Entries shown:
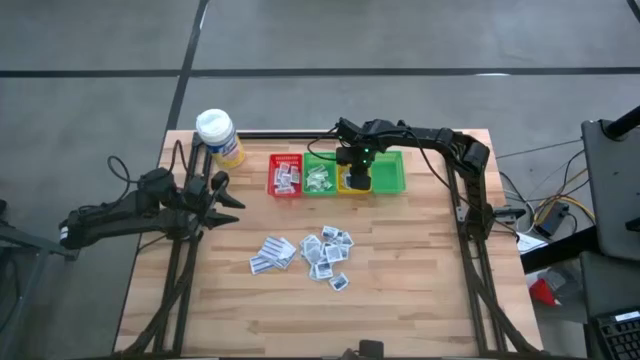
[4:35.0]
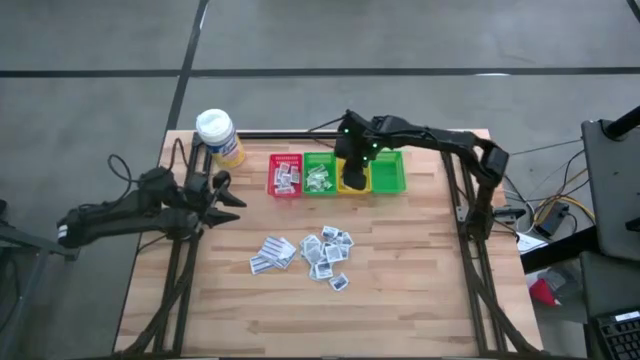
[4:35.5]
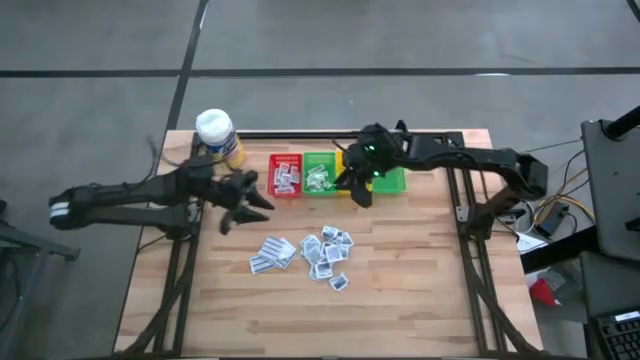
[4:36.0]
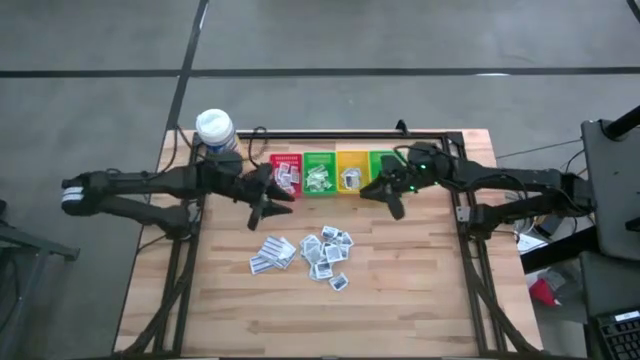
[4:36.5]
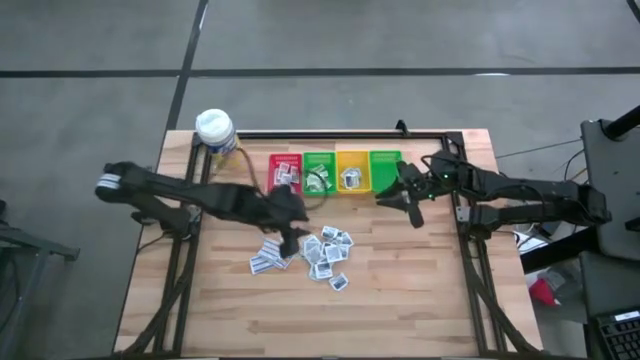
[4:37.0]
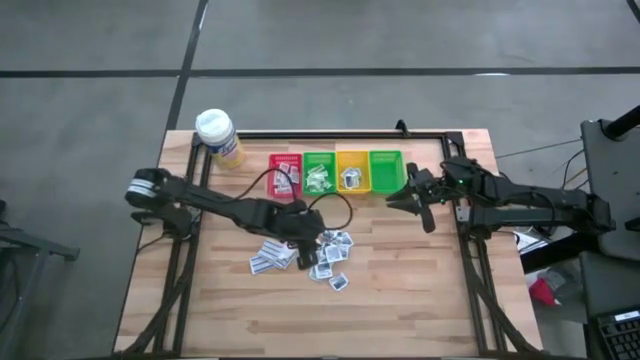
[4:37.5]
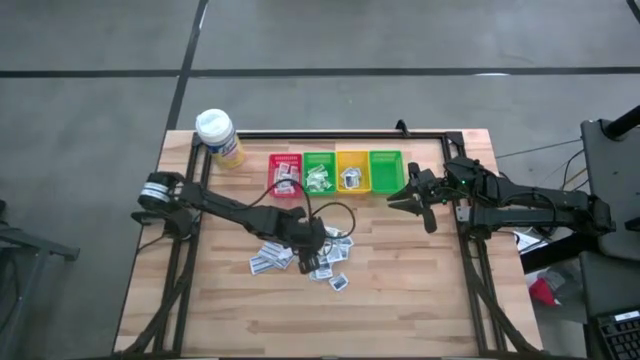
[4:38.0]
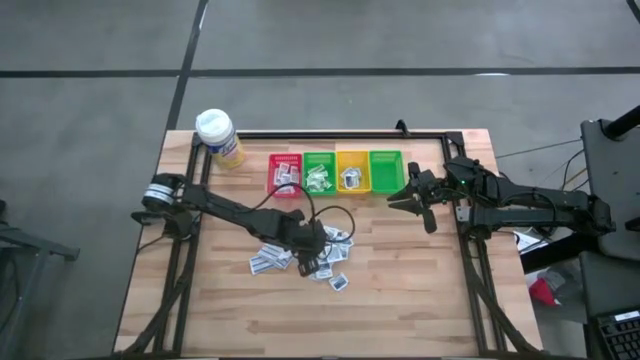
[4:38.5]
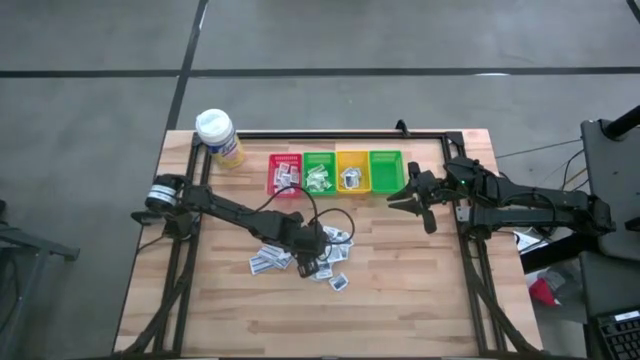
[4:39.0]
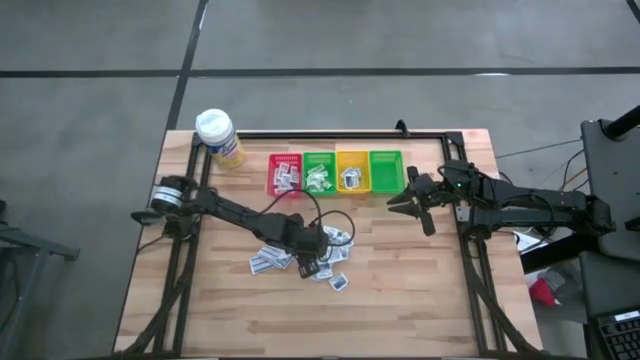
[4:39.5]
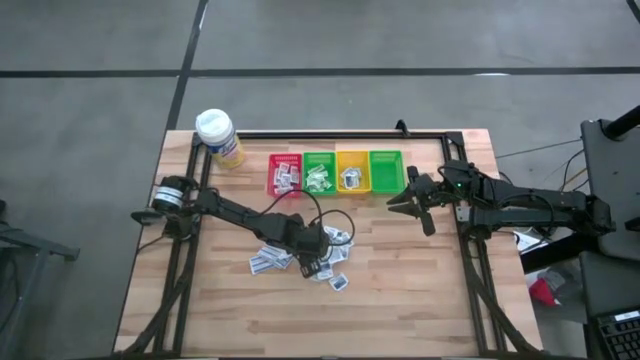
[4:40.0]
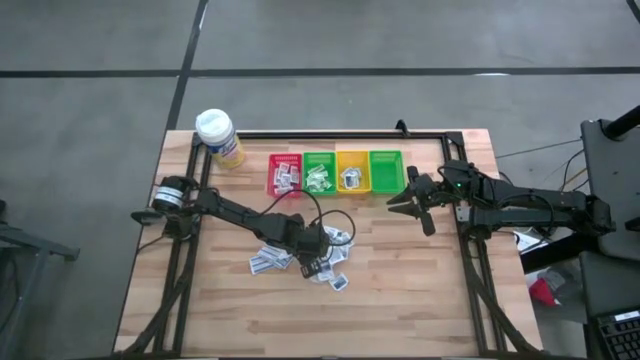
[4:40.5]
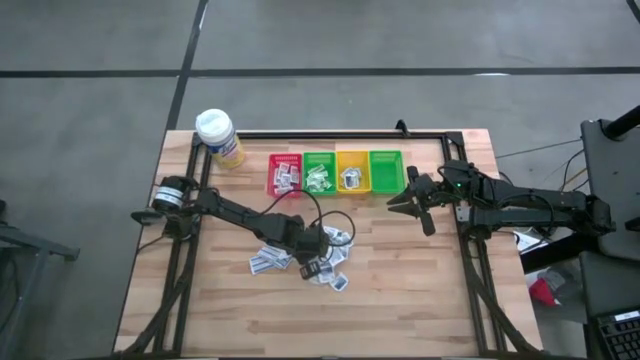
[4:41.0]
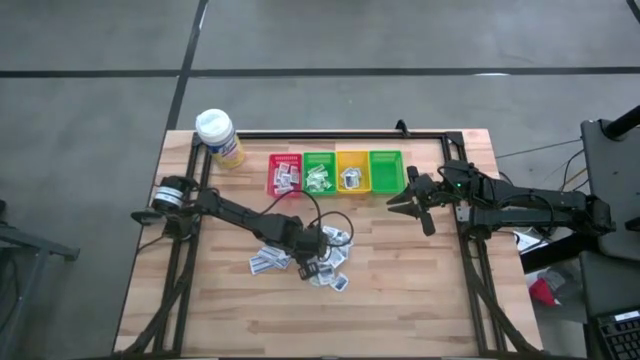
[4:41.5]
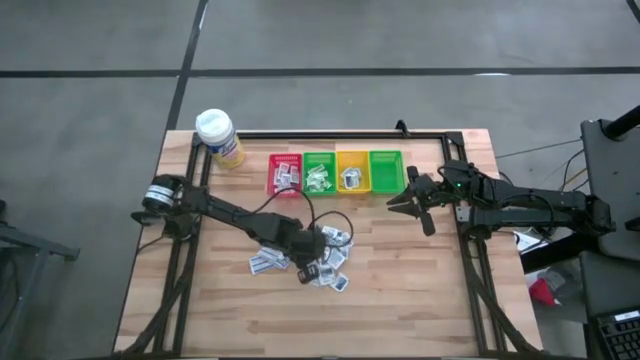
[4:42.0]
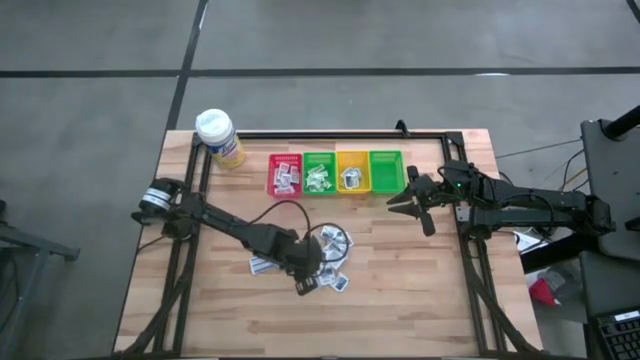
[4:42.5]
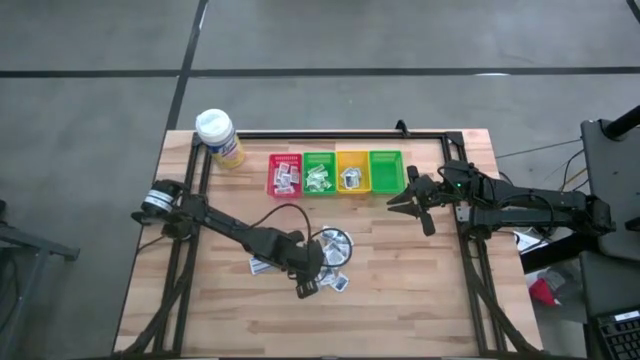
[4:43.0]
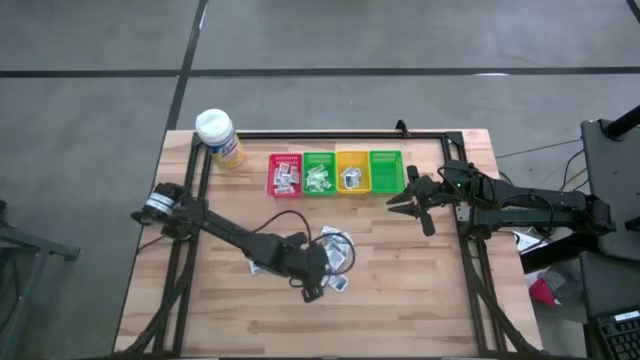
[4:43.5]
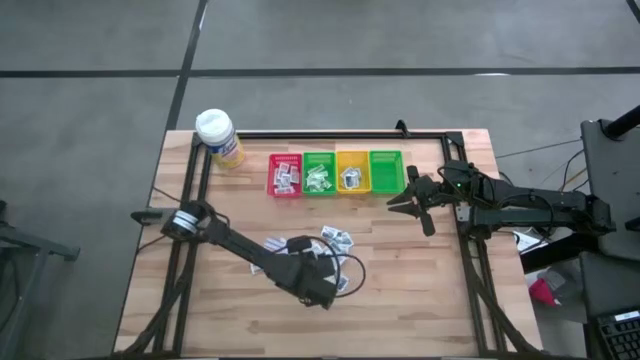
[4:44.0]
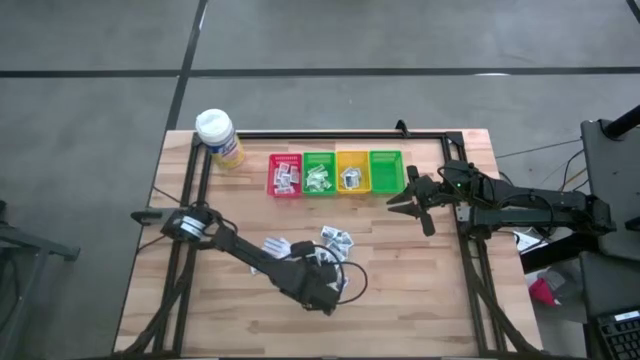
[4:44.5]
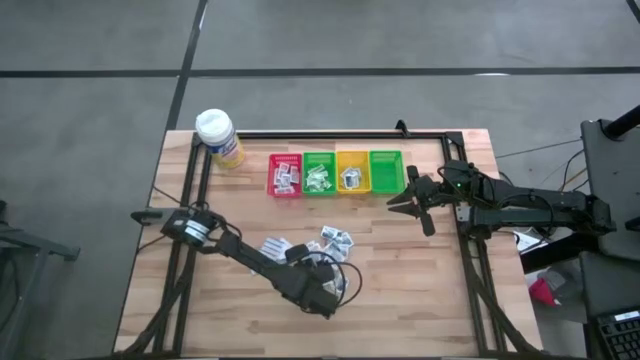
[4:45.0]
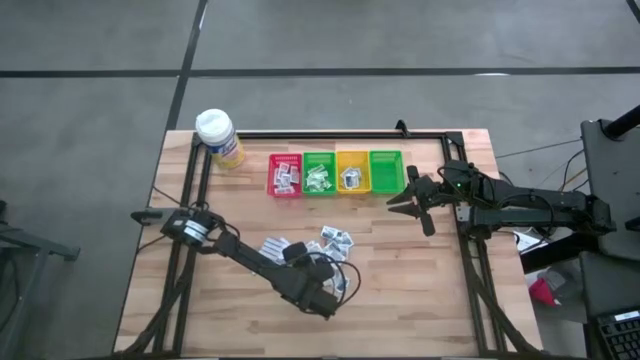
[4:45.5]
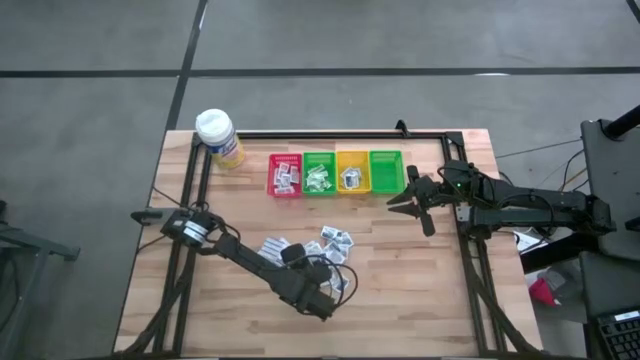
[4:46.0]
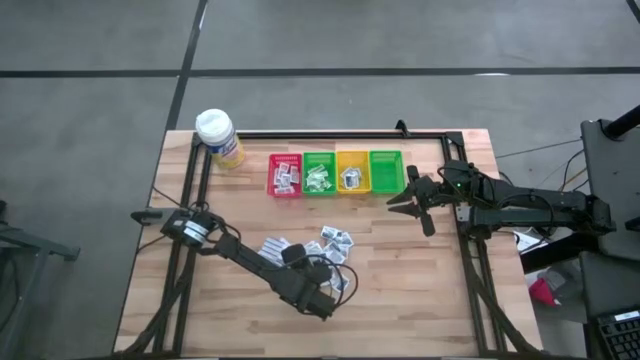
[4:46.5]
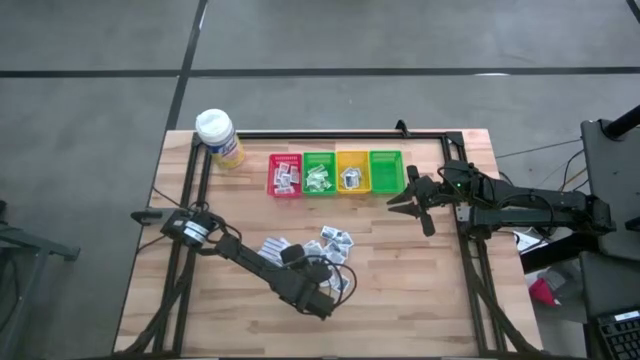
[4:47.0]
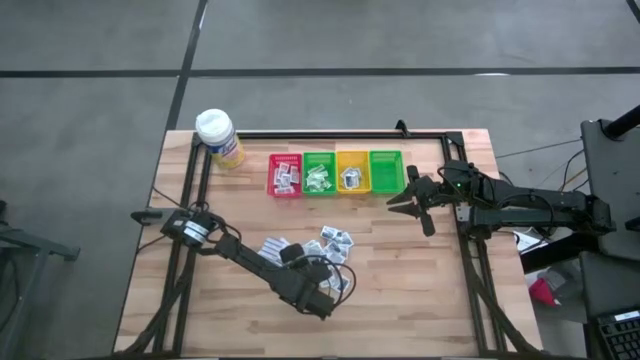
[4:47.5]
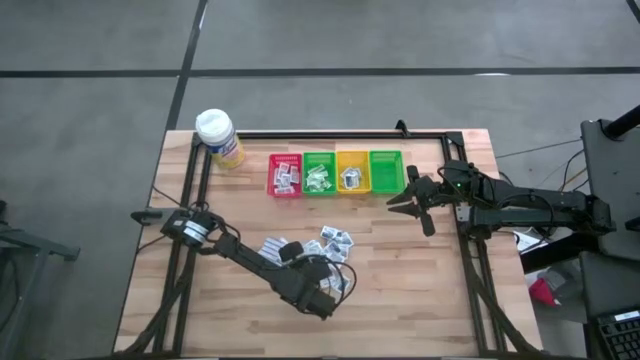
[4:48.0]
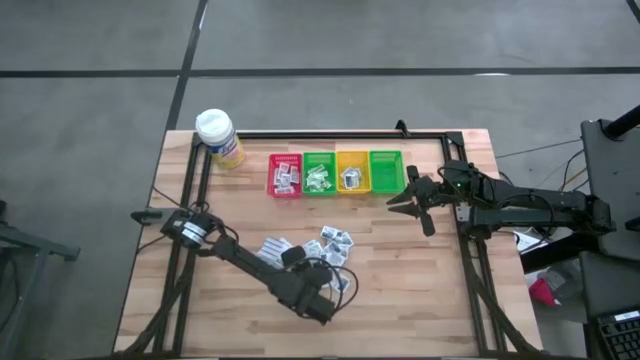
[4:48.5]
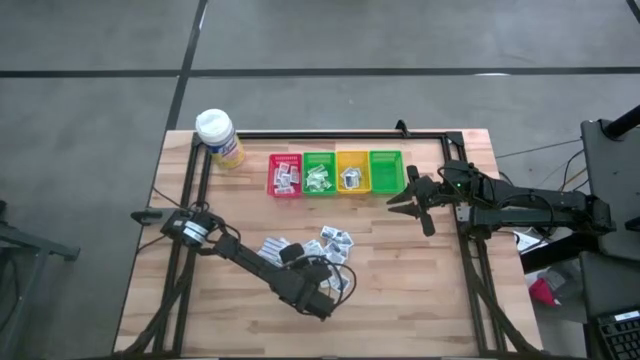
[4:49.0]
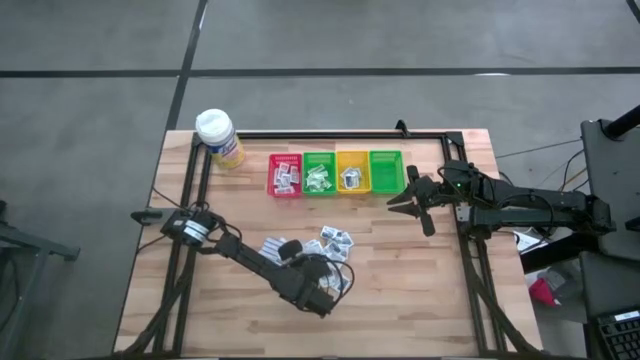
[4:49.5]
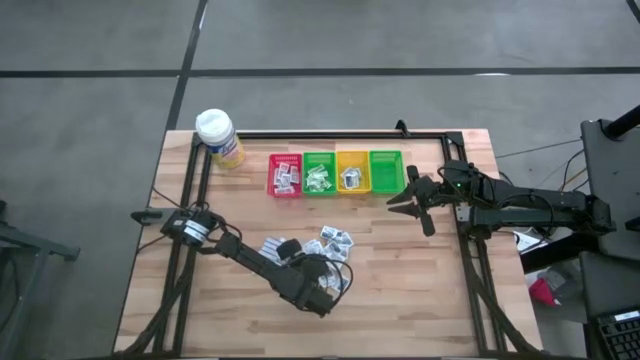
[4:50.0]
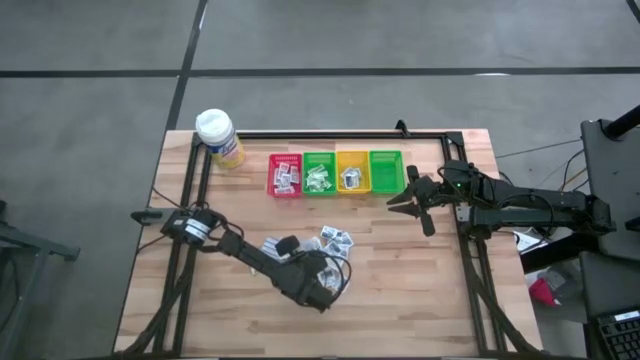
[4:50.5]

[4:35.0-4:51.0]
Put the alcohol pad into the yellow bin

Work to complete: All of the data is to be transcribed exactly, with images omitted.

Output of the task:
[4:35.0]
[4:35.5]
[4:36.0]
[4:36.5]
[4:37.0]
[4:37.5]
[4:38.0]
[4:38.5]
[4:39.0]
[4:39.5]
[4:40.0]
[4:40.5]
[4:41.0]
[4:41.5]
[4:42.0]
[4:42.5]
[4:43.0]
[4:43.5]
[4:44.0]
[4:44.5]
[4:45.0]
[4:45.5]
[4:46.0]
[4:46.5]
[4:47.0]
[4:47.5]
[4:48.0]
[4:48.5]
[4:49.0]
[4:49.5]
[4:50.0]
[4:50.5]

[4:35.0-4:51.0]
Put the alcohol pad into the yellow bin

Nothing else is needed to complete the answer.